WORK REQUEST:
The entries below should be repeated exactly, with no pictures carried over.

[Stored items]
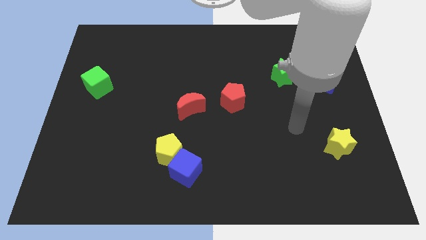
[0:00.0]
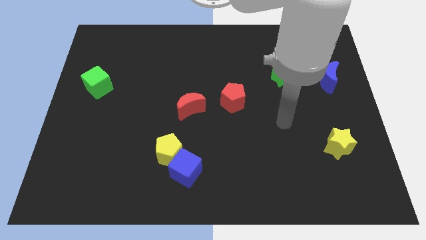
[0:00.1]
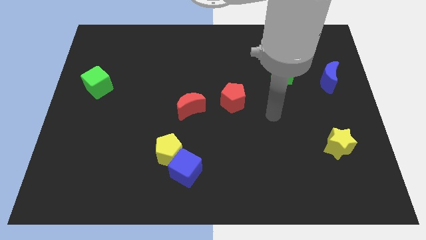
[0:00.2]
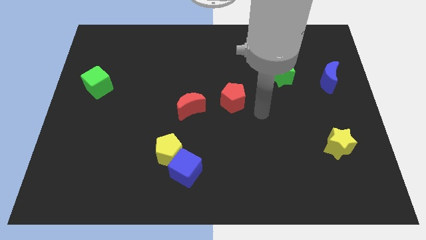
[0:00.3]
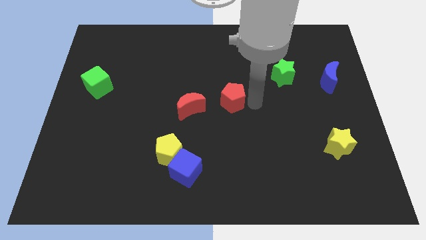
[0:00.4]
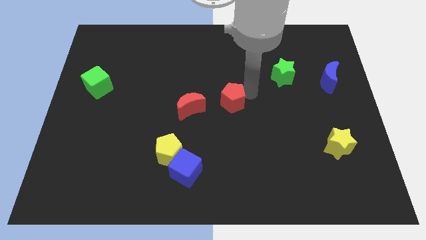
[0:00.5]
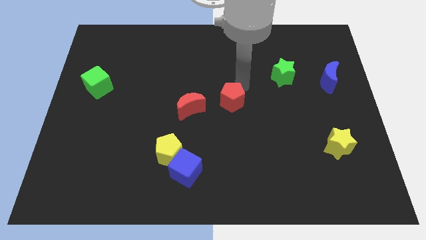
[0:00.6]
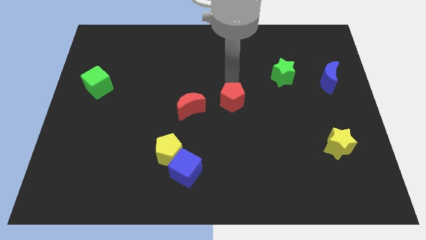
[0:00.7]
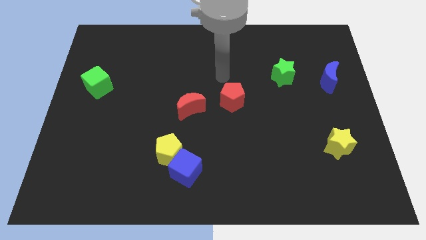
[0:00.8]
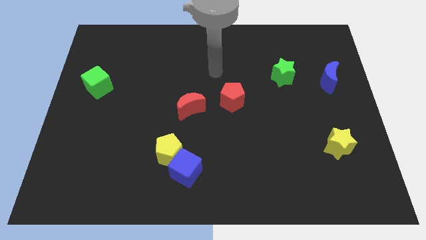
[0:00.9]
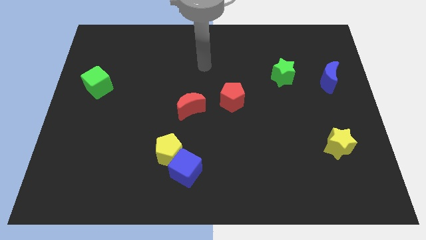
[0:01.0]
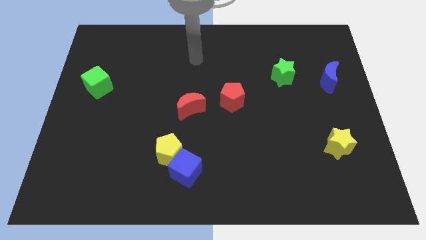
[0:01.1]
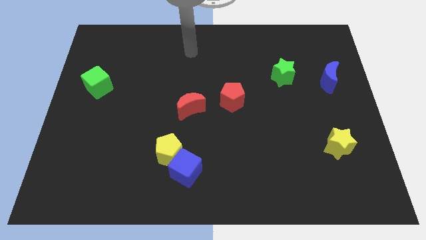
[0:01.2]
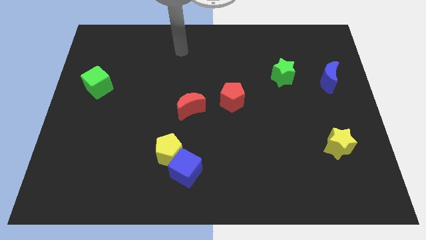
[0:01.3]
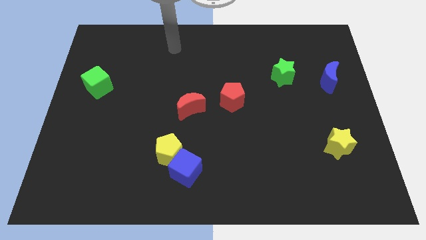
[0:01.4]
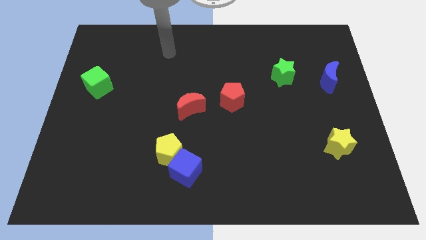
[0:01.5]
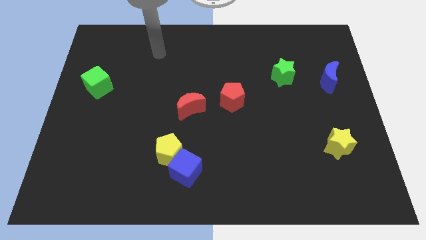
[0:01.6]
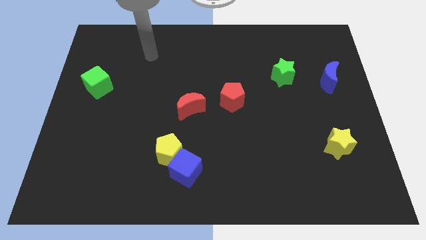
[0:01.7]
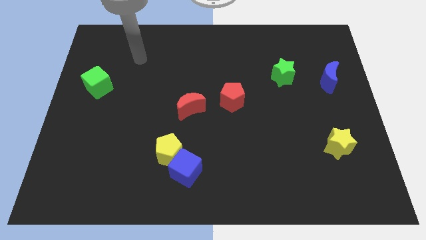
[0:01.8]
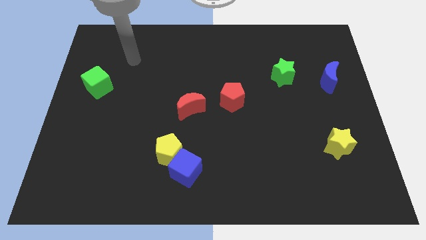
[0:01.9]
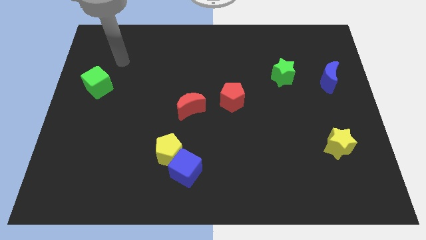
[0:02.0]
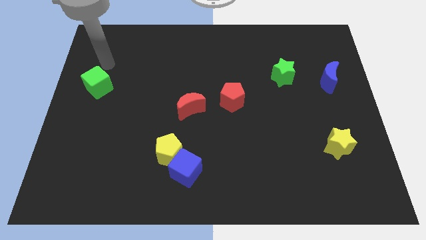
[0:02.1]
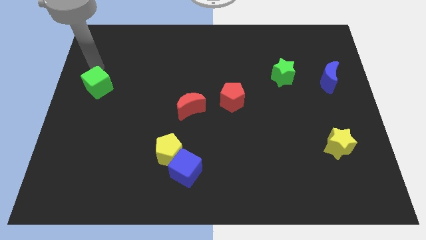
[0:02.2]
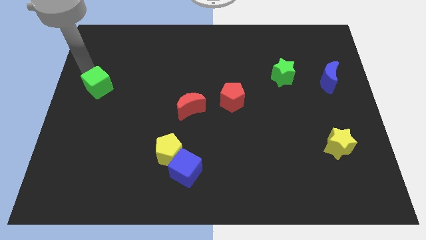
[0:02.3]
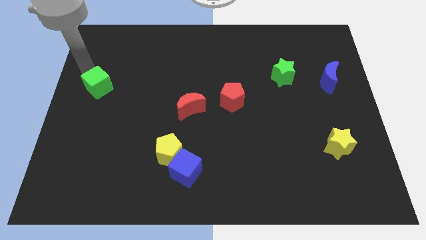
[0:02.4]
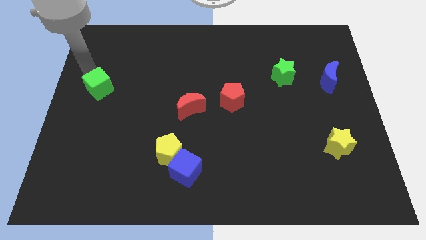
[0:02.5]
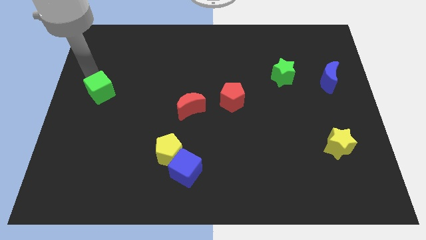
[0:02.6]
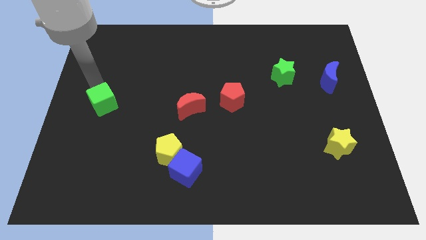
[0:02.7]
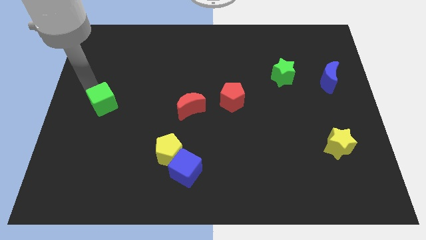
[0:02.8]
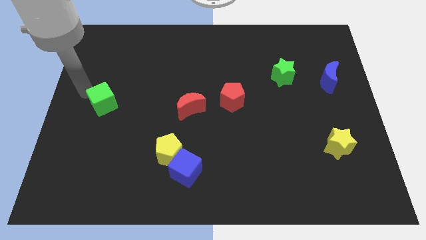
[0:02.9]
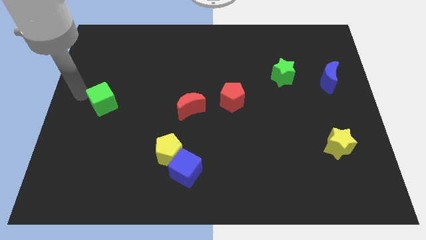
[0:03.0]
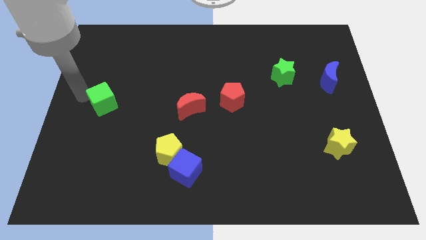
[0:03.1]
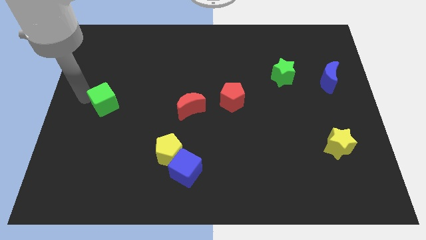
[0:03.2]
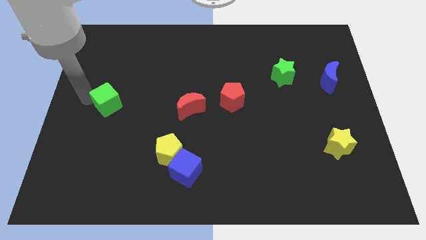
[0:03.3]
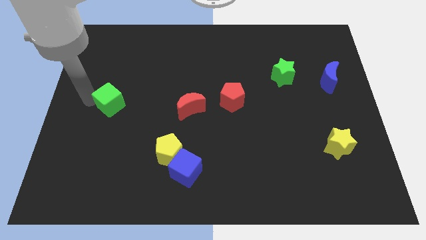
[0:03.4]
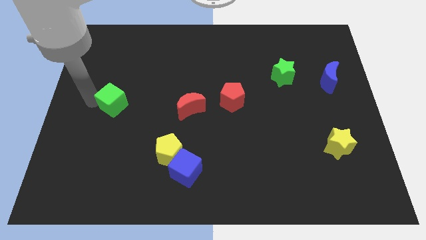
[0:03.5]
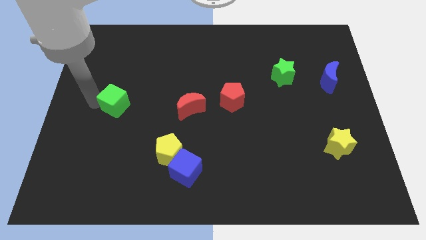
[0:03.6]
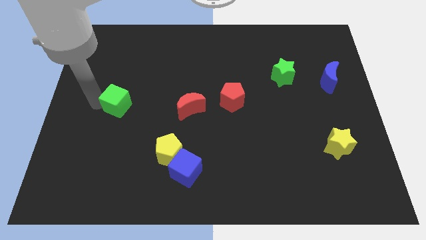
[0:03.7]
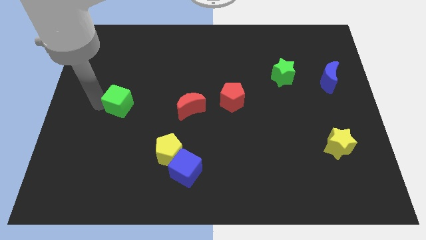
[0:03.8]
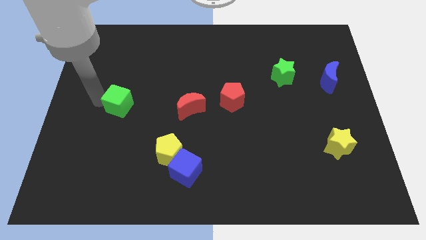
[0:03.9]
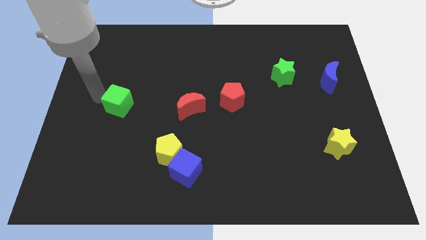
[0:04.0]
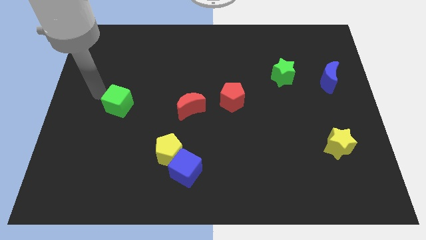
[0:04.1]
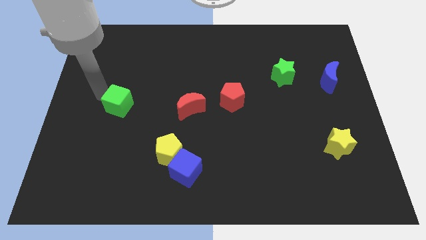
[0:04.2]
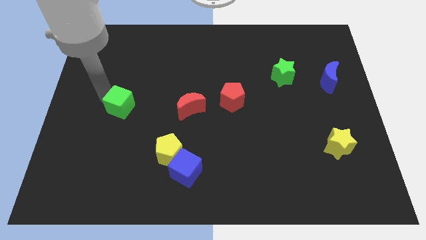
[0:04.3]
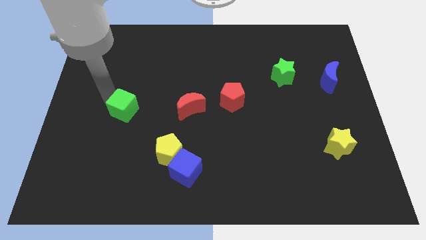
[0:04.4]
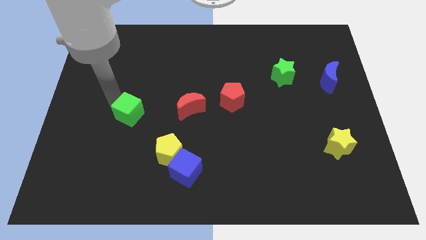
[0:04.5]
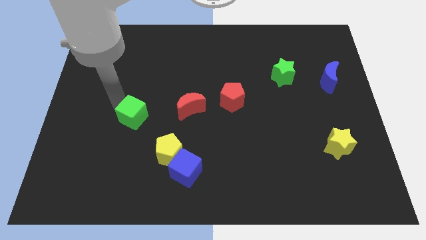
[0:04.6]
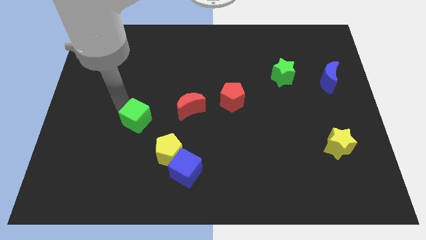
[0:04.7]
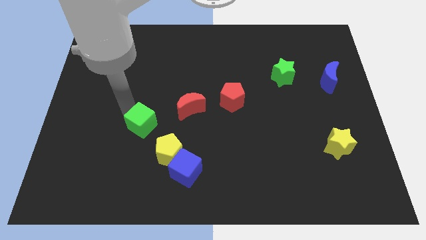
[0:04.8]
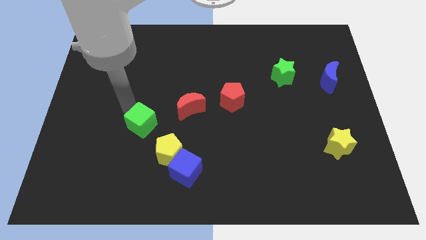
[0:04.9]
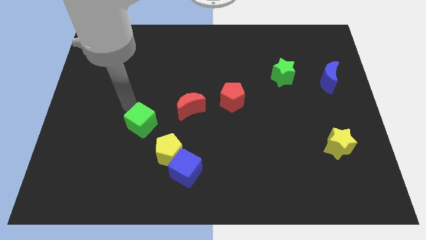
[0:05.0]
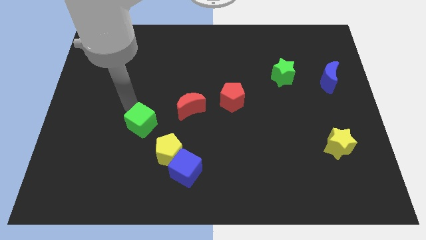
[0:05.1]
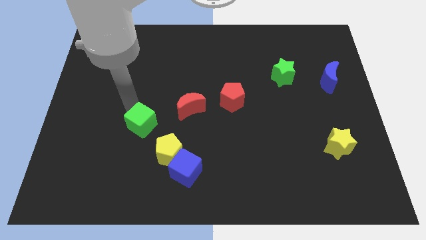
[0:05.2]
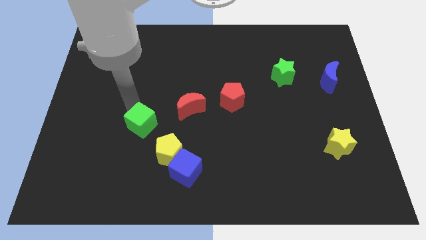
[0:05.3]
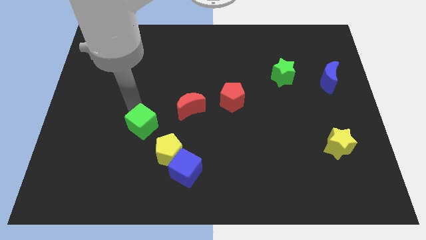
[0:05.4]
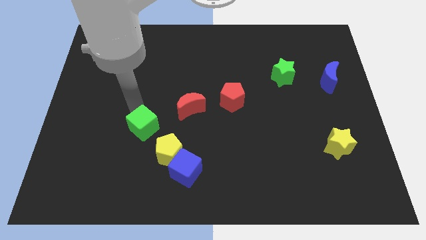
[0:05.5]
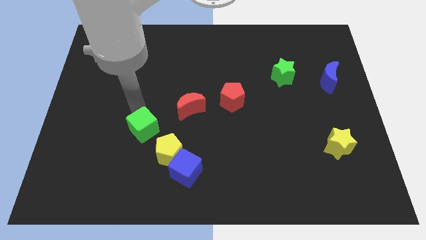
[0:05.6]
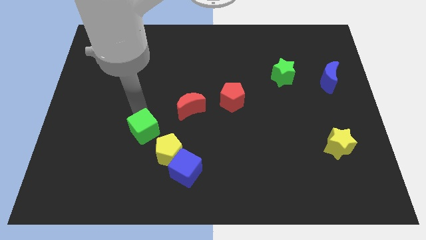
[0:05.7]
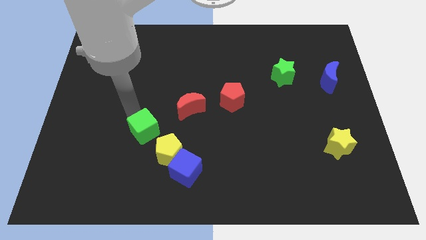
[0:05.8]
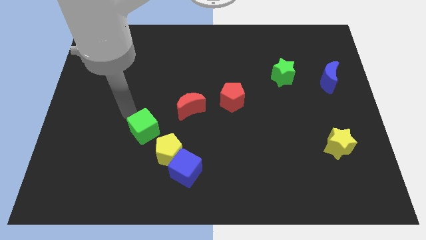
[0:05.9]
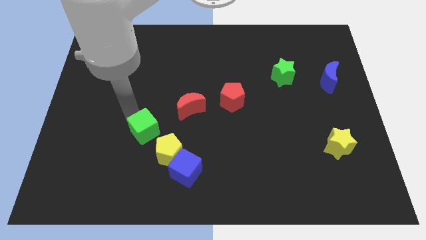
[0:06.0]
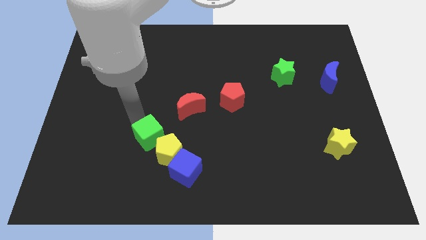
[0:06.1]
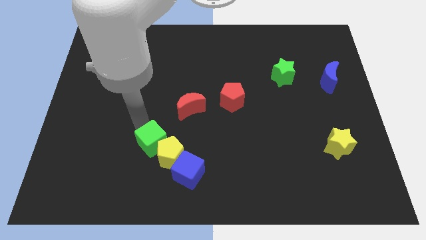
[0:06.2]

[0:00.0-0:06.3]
move the green cube to the yellow pentagon

RESULT:
[0:00.0]
[0:00.1]
[0:00.2]
[0:00.3]
[0:00.4]
[0:00.5]
[0:00.6]
[0:00.7]
[0:00.8]
[0:00.9]
[0:01.0]
[0:01.1]
[0:01.2]
[0:01.3]
[0:01.4]
[0:01.5]
[0:01.6]
[0:01.7]
[0:01.8]
[0:01.9]
[0:02.0]
[0:02.1]
[0:02.2]
[0:02.3]
[0:02.4]
[0:02.5]
[0:02.6]
[0:02.7]
[0:02.8]
[0:02.9]
[0:03.0]
[0:03.1]
[0:03.2]
[0:03.3]
[0:03.4]
[0:03.5]
[0:03.6]
[0:03.7]
[0:03.8]
[0:03.9]
[0:04.0]
[0:04.1]
[0:04.2]
[0:04.3]
[0:04.4]
[0:04.5]
[0:04.6]
[0:04.7]
[0:04.8]
[0:04.9]
[0:05.0]
[0:05.1]
[0:05.2]
[0:05.3]
[0:05.4]
[0:05.5]
[0:05.6]
[0:05.7]
[0:05.8]
[0:05.9]
[0:06.0]
[0:06.1]
[0:06.2]

[0:00.0-0:06.3]
move the green cube to the yellow pentagon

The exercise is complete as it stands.